AHI cutoff points of every 5 were used, and the population was classified into 17 small groups with AHI: 0–5, 6–10, 11–15, 16–20, 21–25, 26–30, 31–35, 36–40, 41–45, 46–50, 51–55, 56–60, 61–65, 66–70, 71–75, 76–80, 81–. The mean plots of daytime systolic (Figure 1) and diastolic (Figure 2) blood pressure versus small groups taken as order of increased AHI were drawn.
Figure 1. Mean plot of systolic blood pressure versus AHI.
From the plots, means of systolic and diastolic values increased gradually and small fluctuations could be seen. But after the cutoff of 61–65, increasing curve reached a plateau or even dropped slightly though no statistical evidence could be provided.

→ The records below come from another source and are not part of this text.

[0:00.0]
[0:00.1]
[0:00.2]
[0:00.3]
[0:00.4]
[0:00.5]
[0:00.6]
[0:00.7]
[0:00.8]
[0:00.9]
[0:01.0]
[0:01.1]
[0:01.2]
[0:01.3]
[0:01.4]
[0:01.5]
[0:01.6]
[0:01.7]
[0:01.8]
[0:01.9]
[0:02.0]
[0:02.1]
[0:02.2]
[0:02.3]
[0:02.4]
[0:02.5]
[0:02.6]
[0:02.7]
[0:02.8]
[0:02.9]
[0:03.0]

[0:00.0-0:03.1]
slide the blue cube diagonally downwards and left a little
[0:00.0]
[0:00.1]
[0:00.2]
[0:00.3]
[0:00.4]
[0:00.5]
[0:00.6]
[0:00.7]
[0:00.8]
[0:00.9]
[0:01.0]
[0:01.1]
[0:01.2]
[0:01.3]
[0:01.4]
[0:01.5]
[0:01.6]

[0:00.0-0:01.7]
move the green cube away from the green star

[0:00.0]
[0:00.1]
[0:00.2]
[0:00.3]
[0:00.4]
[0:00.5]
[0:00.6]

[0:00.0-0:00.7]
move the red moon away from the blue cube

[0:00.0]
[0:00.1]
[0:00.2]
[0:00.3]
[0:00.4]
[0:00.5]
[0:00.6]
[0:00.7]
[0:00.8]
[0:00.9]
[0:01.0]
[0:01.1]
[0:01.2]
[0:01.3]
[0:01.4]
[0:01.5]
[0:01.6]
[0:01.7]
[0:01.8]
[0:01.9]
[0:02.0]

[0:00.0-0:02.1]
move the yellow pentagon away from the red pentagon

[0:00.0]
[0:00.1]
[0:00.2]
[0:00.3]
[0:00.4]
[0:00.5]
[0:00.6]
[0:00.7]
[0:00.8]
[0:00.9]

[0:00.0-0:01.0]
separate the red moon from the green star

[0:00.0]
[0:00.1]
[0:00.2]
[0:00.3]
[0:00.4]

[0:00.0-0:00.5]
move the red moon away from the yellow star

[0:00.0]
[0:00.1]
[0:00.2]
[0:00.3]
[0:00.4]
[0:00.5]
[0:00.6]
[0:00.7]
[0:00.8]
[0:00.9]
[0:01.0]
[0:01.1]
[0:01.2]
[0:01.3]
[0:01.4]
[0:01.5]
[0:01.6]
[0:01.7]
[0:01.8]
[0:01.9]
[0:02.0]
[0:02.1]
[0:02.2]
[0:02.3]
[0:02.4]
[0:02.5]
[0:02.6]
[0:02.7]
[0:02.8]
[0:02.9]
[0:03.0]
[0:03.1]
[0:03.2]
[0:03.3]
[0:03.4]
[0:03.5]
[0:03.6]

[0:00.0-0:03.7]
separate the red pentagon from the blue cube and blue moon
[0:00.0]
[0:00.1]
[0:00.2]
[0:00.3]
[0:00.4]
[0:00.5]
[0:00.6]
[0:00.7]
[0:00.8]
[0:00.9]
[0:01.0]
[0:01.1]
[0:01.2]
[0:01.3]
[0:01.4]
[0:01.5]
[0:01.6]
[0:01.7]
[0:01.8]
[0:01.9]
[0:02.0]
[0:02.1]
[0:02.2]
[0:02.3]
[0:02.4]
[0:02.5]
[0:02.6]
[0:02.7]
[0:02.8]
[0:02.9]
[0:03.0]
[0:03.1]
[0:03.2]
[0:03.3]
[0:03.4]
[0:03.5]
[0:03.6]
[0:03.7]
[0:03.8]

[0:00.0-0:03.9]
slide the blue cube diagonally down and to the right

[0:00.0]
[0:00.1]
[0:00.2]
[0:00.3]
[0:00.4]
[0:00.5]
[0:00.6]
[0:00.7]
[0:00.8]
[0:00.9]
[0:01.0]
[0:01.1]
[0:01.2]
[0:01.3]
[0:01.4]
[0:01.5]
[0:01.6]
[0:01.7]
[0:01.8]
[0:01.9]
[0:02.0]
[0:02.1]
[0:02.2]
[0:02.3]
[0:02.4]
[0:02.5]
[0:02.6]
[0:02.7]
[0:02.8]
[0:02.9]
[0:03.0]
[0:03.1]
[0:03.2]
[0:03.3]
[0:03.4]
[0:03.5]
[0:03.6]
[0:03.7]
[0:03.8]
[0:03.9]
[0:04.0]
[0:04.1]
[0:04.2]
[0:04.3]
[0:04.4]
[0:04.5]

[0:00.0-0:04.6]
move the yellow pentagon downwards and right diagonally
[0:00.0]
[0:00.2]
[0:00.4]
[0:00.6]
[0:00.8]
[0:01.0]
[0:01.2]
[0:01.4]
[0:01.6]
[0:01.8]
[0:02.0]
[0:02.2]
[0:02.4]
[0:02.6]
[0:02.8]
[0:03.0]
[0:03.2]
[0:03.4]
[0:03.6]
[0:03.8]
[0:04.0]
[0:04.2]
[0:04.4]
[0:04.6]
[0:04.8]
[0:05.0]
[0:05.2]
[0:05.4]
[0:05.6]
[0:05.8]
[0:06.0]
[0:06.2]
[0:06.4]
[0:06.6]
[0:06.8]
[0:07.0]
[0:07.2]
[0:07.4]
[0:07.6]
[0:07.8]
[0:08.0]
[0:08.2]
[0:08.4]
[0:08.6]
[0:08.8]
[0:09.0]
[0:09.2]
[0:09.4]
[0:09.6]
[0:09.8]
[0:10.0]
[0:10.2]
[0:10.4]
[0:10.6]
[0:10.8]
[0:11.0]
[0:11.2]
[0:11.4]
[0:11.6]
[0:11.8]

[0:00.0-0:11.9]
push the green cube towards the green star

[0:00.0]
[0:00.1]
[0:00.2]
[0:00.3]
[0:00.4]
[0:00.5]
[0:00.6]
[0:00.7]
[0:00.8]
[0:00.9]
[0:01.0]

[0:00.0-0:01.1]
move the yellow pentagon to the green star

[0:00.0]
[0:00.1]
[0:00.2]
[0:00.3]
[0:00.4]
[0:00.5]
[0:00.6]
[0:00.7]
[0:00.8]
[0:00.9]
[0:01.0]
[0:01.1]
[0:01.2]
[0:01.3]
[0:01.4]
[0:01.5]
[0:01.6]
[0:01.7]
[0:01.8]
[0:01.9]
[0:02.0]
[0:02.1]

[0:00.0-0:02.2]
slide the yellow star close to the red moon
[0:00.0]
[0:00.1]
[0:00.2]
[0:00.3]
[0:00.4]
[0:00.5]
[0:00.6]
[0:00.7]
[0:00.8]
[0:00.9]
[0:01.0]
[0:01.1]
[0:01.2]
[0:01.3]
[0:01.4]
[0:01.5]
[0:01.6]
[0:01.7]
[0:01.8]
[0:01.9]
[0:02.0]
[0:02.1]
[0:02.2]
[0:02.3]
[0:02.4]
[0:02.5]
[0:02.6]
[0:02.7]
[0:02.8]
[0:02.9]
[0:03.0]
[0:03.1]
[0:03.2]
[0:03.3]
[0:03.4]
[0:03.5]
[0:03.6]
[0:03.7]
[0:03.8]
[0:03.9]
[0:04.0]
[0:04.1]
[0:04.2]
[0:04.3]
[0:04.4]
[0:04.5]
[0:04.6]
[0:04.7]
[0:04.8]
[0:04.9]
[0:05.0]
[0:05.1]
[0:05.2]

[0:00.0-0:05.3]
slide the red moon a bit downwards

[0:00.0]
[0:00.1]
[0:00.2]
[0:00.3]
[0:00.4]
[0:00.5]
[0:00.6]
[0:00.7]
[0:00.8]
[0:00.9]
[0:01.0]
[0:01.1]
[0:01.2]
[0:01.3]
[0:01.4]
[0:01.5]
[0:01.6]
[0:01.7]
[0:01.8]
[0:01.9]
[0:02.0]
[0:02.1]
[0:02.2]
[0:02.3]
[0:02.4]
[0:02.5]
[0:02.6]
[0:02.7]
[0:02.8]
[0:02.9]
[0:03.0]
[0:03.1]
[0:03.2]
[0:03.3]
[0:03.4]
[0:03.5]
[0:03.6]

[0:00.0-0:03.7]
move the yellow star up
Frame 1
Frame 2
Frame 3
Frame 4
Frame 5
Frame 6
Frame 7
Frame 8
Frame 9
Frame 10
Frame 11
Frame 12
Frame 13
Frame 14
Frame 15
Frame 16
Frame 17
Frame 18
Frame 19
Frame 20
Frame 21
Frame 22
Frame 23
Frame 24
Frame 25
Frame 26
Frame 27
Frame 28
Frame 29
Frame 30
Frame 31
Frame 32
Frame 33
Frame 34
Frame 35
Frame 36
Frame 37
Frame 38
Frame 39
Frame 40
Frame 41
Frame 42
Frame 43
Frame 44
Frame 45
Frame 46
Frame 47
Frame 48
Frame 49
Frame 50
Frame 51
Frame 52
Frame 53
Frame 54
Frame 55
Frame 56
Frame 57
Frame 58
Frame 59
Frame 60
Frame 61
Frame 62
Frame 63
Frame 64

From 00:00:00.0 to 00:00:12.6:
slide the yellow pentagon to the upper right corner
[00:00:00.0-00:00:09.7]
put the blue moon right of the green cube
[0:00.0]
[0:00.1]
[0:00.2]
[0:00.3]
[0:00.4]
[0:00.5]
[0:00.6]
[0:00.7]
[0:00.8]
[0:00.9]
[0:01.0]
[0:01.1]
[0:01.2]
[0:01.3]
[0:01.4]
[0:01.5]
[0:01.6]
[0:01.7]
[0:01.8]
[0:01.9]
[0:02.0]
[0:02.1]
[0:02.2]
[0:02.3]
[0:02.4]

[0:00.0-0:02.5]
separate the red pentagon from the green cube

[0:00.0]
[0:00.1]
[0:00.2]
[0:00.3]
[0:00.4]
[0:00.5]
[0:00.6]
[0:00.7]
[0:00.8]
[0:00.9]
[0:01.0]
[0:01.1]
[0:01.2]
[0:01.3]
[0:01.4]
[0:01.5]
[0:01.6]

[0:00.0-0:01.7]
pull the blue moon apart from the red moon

OSA associated with accompanying daytime sleepiness affects 3% to 7% of adult men and 2% to 5% of adult women in the general population. The health risk in OSA patients is the strong association with acute cardiovascular events such as stroke, myocardial infarction and nocturnal sudden death, and chronic conditions such as coronary artery disease, heart failure, and especially, systemic hypertension.2-4 The association between presence of elevated blood pressure values and severity of OSA has been confirmed in some large cross-sectional studies.3,18 In the largest of those cross-sectional studies, an elevated odds ratio for hypertension was found in subjects with OSA after adjusting for demographics, anthropometric measurements, alcohol consumption and smoking.3
In Table 2, unadjusted systolic and diastolic blood pressure values significantly increased with AHI increasing in the control, mild, moderate and severe groups. From the results, a clear dose-effect was demonstrated: the more apneas per hour of sleep, the higher the blood pressure values, and both systolic and diastolic blood pressure values were significantly related to AHI. According to our data, for each additional apneic event per hour of sleep, mean systolic and diastolic blood pressure values would increase 0.1301 and 0.1197 mmHg. It means that, compared with control group, daytime systolic and diastolic blood pressure values will be at least 3.2525 (0.1301 × 25) and 2.9925 (0.1197 × 25) mmHg higher for severe group. The similar senses were seen when we made the analysis with the nadir nocturnal oxygen saturation, like some previous results in England.2
In previous longitudinal population studies, OSA increased the risk for increased blood pressure at follow-up, and the odds ratios for the presence of incident hypertension at follow-up were 1.42, 2.03, and 2.89 with an AHI of <5, 5 to 15, and >15 events per hour at baseline, respectively. A clear dose-effect was demonstrated: the more apneas per hour of sleep, the higher the chance for becoming hypertensive.2 But in our study, we found that after the cutoff of 61–65, the increasing daytime blood pressure values reach a plateau or even drop slightly though we could not provide statistical evidence (Figure 1 and Figure 2). These results are not found previously because no epidemiologists classified groups in this way before. However, these results may not be isolated. In our cell and tissue level studies,19-22 we found inflammatory status of endothelial cells goes up to the peak levels and then turns down to the minimum with the intermittent hypoxia/reoxygenation (IH/ROX) frequencies increasing continuously, which may contribute to the reason that the inflammation does not come from IH phase but the ROX phase. Of course, our epidemiologic discoveries need further studies to confirm and further researches to explain the reasons.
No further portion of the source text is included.